Smiling Through the Cultural Catastrophe: Toward the Revival of Higher Education
by Jeffrey Hart
Yale. 261 pp. $26.95
Several months ago, the New York Times cultural correspondent Emily Eakin wrote a piece for her newspaper’s education supplement describing her own fairly recent college career. Although she majored in literature at a seemingly prominent (but unnamed) university, she graduated, she tells us proudly, “without having read for credit the Odyssey, Paradise Lost, a single play by Shakespeare, or a single novel by Jane Austen, George Eliot, or Henry James.” Instead, she “was breaking new ground” by taking courses like “Feminist Literary Criticism” and “Women and the Avant-Garde,” and by reading critics like Jacques Derrida and Paul de Man, novelists like Thomas Pynchon, and Les Guérrillères, which she identifies as “a lyrical fantasy about a society without men by the French radical lesbian Monique Wittig.”

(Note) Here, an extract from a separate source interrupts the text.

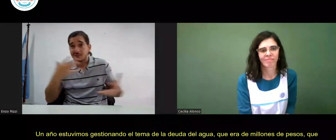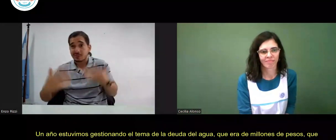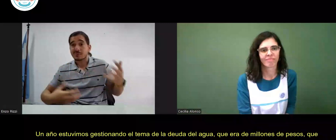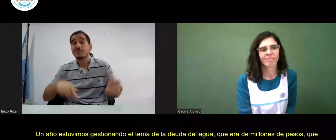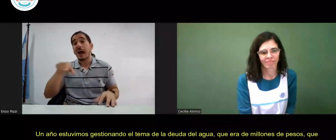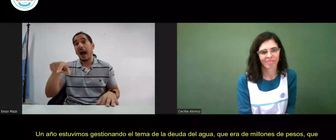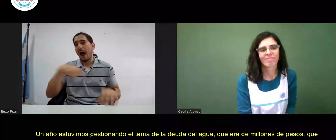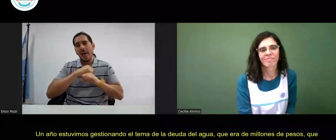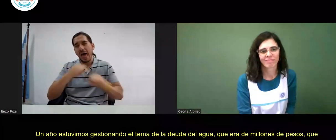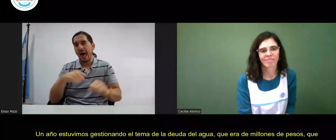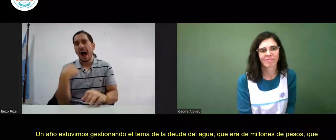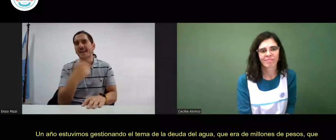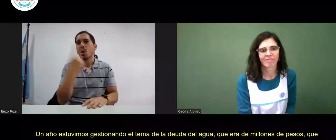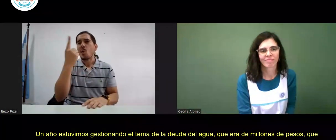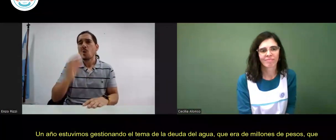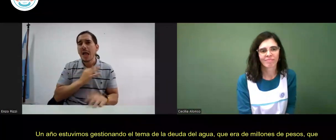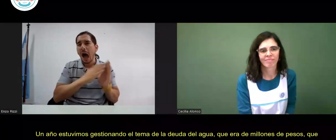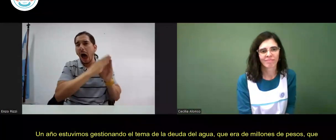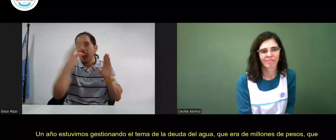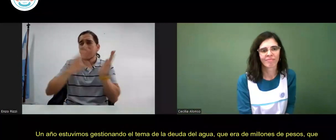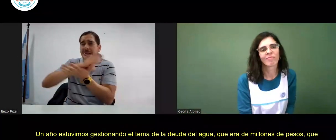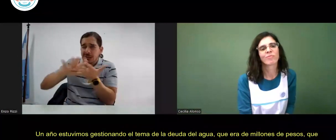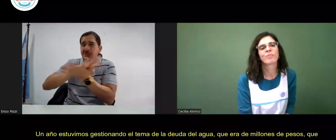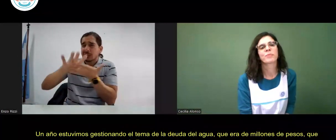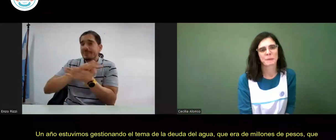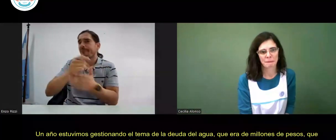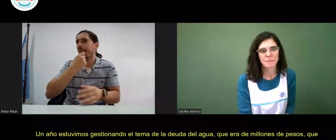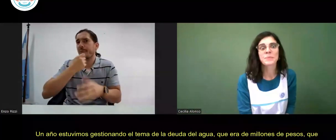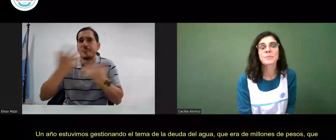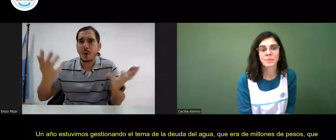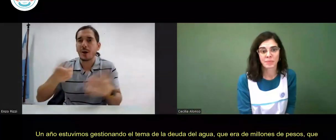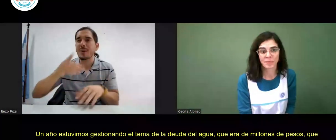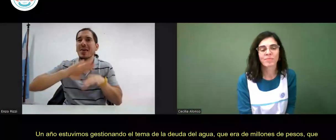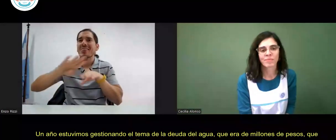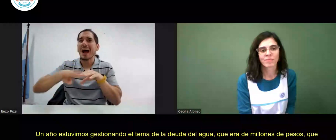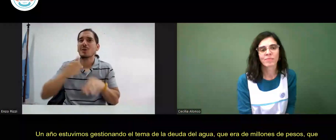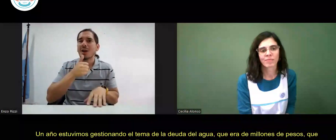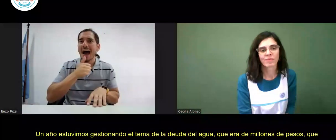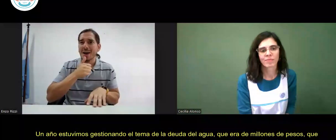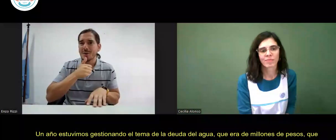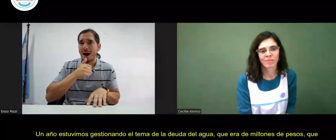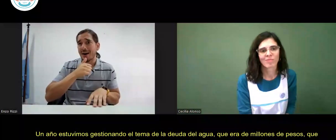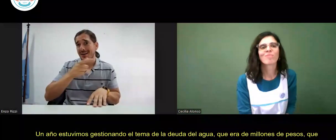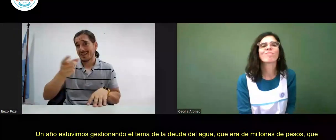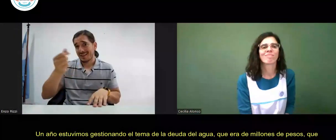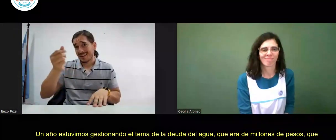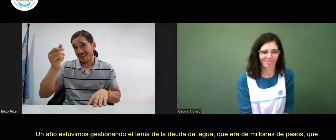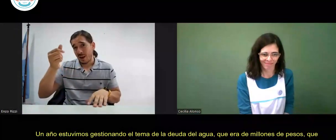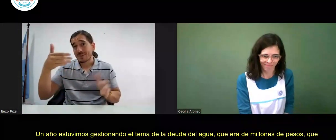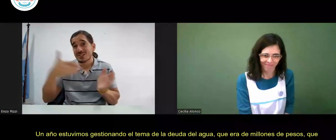Un año estuvimos gestionando el tema de la deuda del agua, que era de millones de pesos,
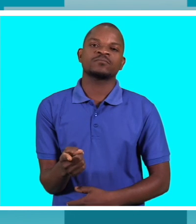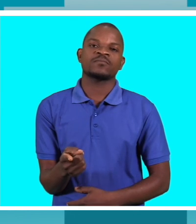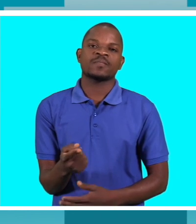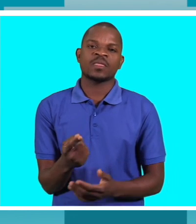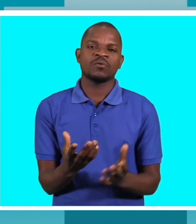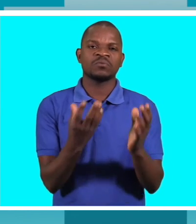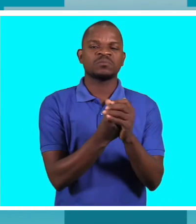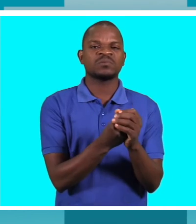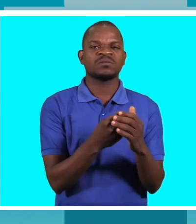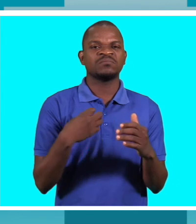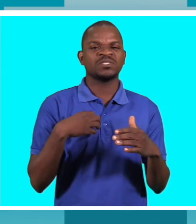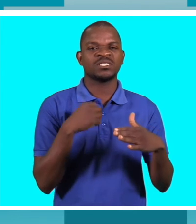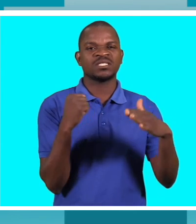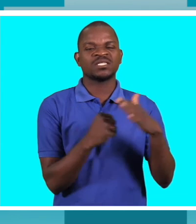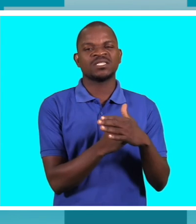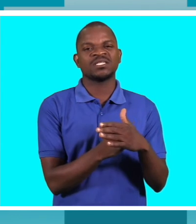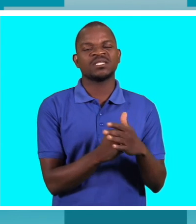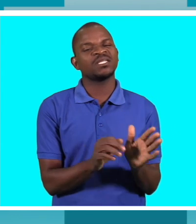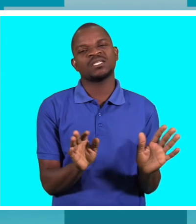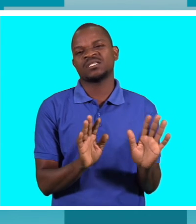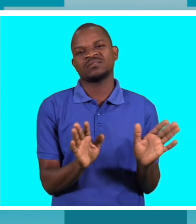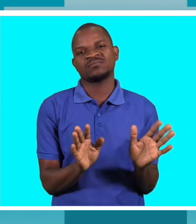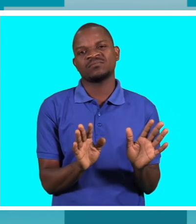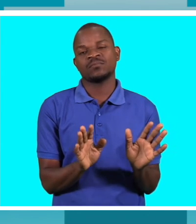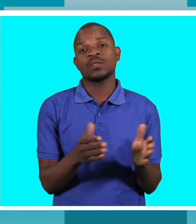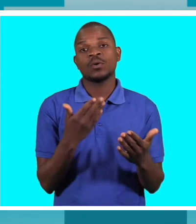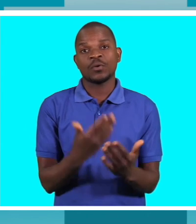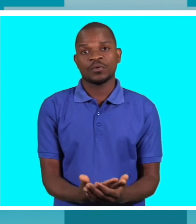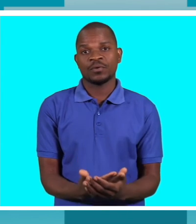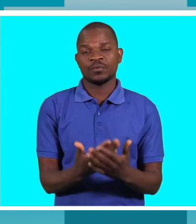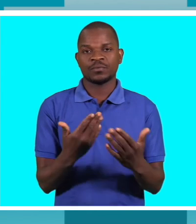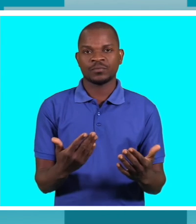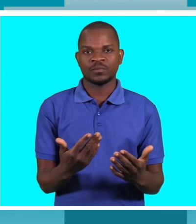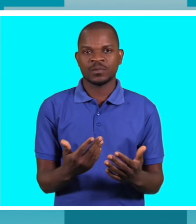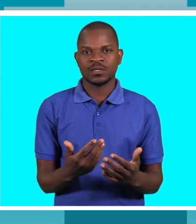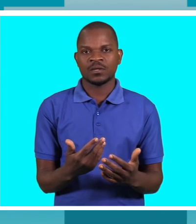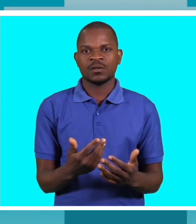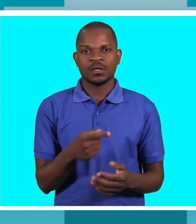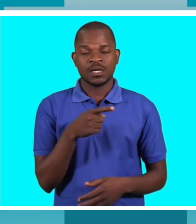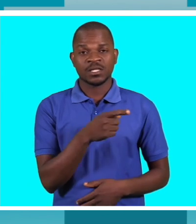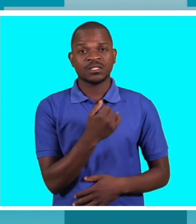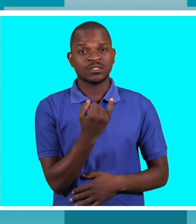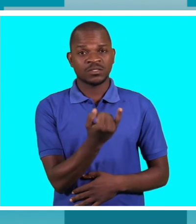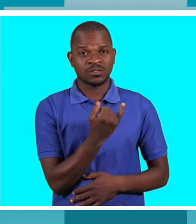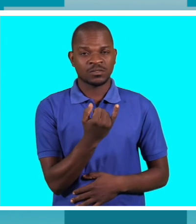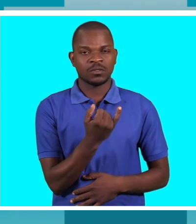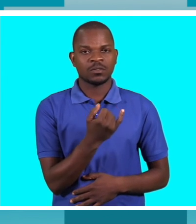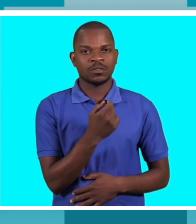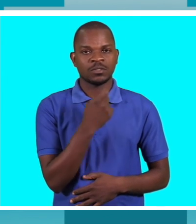ao Ministério do Gênero e Criança Social e a ação social porque se formos a ver é a instituição que diz que recebe pouco

This advertisement for the higher ignorance was notable mostly for its candor. Usually, proponents of current academic trends like to insist (against all evidence) that the classic works are holding their own even as newer and usually inferior tides crowd into the curriculum in response to the demands of political correctness and America’s new “diversity.” But the steady, decades-long assault on the cultural heritage of Western civilization has also had one interesting countereffect: a few true stalwarts of traditional education have been roused to set down, often in personal terms, their own understanding and appreciation of the culture under attack. Recent examples include Alvin Kernan’s intellectual memoir, In Plato’s Cave (1999) and Jacques Barzun’s comprehensive history, From Dawn to Decadence: 500 Years of Western Cultural Life (2000).
Now Jeffrey Hart has come forth with this lively and highly enjoyable sojourn through some of the greatest of the Great Books. Centered on texts that Hart first read decades ago as an undergraduate at Columbia and then taught many times over in his long career as a professor at Dartmouth, this book is ideal sustenance for anyone who, unlike the cultural correspondent of the Times, is wise enough to know that he does not know.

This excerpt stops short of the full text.